▶ TASK TO COMPLETE: Write the lines below out exactly, dropping each picture.

▶ PROVIDED MATERIAL:

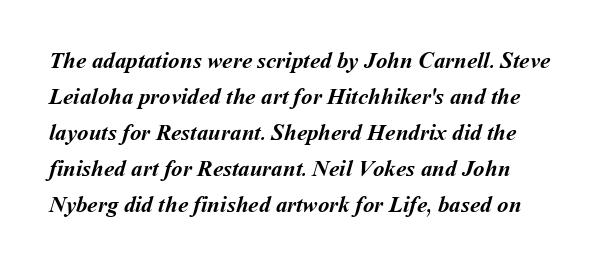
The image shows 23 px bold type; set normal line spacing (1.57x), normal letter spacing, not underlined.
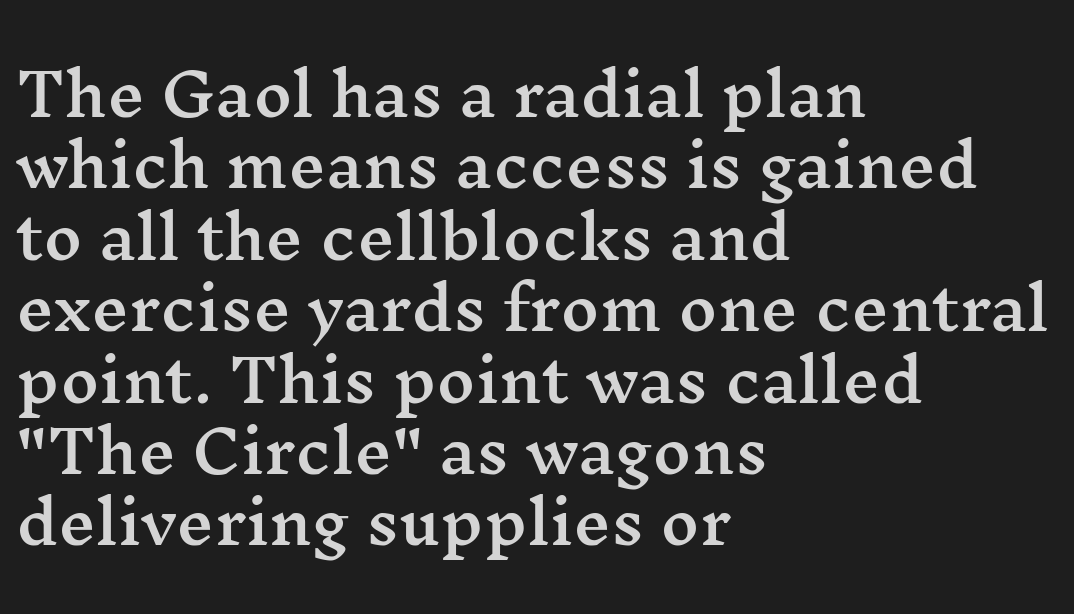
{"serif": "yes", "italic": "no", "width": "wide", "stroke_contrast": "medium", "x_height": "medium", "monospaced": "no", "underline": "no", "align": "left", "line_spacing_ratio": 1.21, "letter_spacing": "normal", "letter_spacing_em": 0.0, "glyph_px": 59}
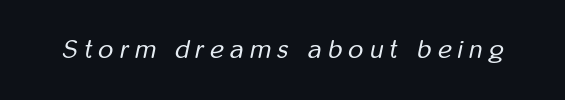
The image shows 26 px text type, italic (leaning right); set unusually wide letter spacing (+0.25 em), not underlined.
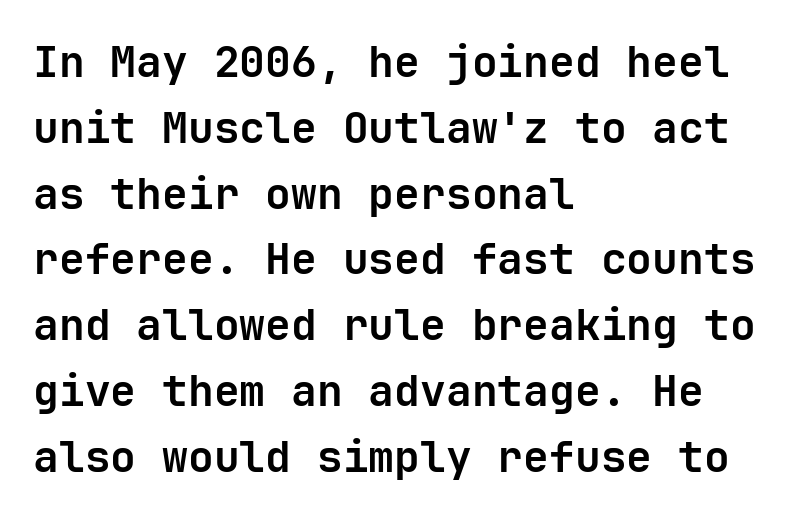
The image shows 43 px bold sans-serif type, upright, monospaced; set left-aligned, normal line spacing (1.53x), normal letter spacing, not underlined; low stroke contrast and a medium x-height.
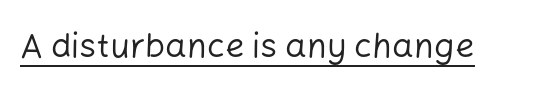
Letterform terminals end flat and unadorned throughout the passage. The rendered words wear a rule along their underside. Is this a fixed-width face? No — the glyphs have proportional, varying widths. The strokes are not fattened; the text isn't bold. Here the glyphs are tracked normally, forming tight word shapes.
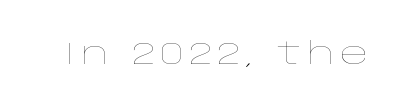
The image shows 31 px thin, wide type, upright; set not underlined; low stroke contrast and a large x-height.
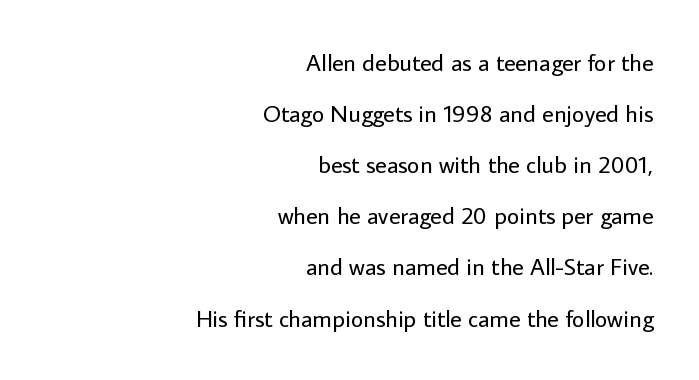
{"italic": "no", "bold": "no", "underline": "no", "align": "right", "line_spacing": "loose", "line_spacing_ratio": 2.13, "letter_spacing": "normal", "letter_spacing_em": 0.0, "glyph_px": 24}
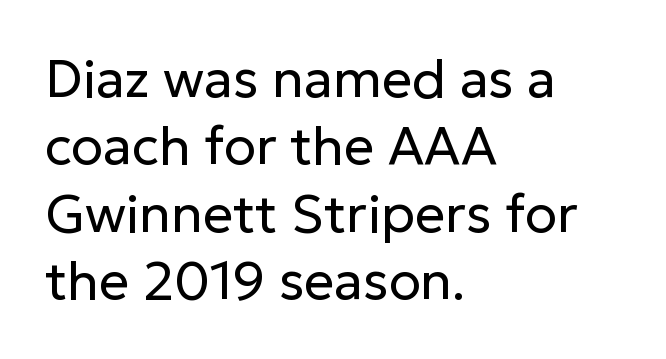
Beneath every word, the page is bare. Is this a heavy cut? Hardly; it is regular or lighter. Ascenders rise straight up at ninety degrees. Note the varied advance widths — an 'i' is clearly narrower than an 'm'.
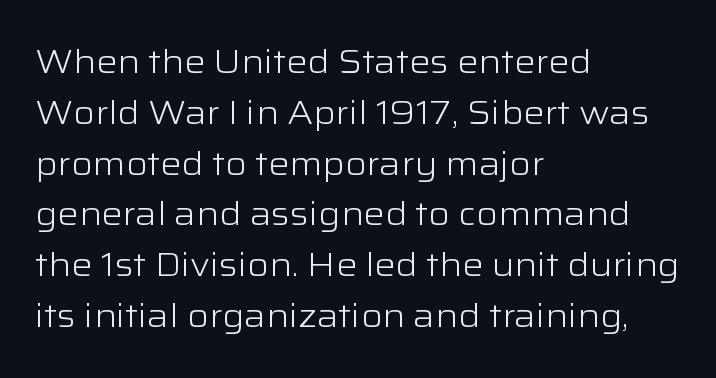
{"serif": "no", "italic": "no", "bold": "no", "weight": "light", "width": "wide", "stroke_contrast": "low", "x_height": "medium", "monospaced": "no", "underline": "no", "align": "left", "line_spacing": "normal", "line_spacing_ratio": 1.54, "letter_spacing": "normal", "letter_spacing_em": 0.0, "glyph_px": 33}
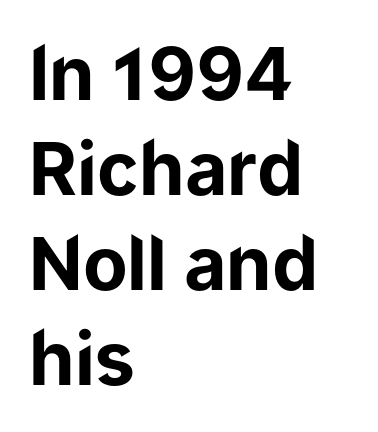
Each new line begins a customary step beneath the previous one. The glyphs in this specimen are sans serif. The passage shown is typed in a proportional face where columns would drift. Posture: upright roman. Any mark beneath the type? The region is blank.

▶ EXPECTED ANSWER:
The image shows 23 px bold type; set normal line spacing (1.57x), normal letter spacing, not underlined.
{"serif": "yes", "italic": "no", "width": "wide", "stroke_contrast": "medium", "x_height": "medium", "monospaced": "no", "underline": "no", "align": "left", "line_spacing_ratio": 1.21, "letter_spacing": "normal", "letter_spacing_em": 0.0, "glyph_px": 59}
The image shows 26 px text type, italic (leaning right); set unusually wide letter spacing (+0.25 em), not underlined.
The image shows 43 px bold sans-serif type, upright, monospaced; set left-aligned, normal line spacing (1.53x), normal letter spacing, not underlined; low stroke contrast and a medium x-height.
Letterform terminals end flat and unadorned throughout the passage. The rendered words wear a rule along their underside. Is this a fixed-width face? No — the glyphs have proportional, varying widths. The strokes are not fattened; the text isn't bold. Here the glyphs are tracked normally, forming tight word shapes.
The image shows 31 px thin, wide type, upright; set not underlined; low stroke contrast and a large x-height.
{"italic": "no", "bold": "no", "underline": "no", "align": "right", "line_spacing": "loose", "line_spacing_ratio": 2.13, "letter_spacing": "normal", "letter_spacing_em": 0.0, "glyph_px": 24}
Beneath every word, the page is bare. Is this a heavy cut? Hardly; it is regular or lighter. Ascenders rise straight up at ninety degrees. Note the varied advance widths — an 'i' is clearly narrower than an 'm'.
{"serif": "no", "italic": "no", "bold": "no", "weight": "light", "width": "wide", "stroke_contrast": "low", "x_height": "medium", "monospaced": "no", "underline": "no", "align": "left", "line_spacing": "normal", "line_spacing_ratio": 1.54, "letter_spacing": "normal", "letter_spacing_em": 0.0, "glyph_px": 33}
Each new line begins a customary step beneath the previous one. The glyphs in this specimen are sans serif. The passage shown is typed in a proportional face where columns would drift. Posture: upright roman. Any mark beneath the type? The region is blank.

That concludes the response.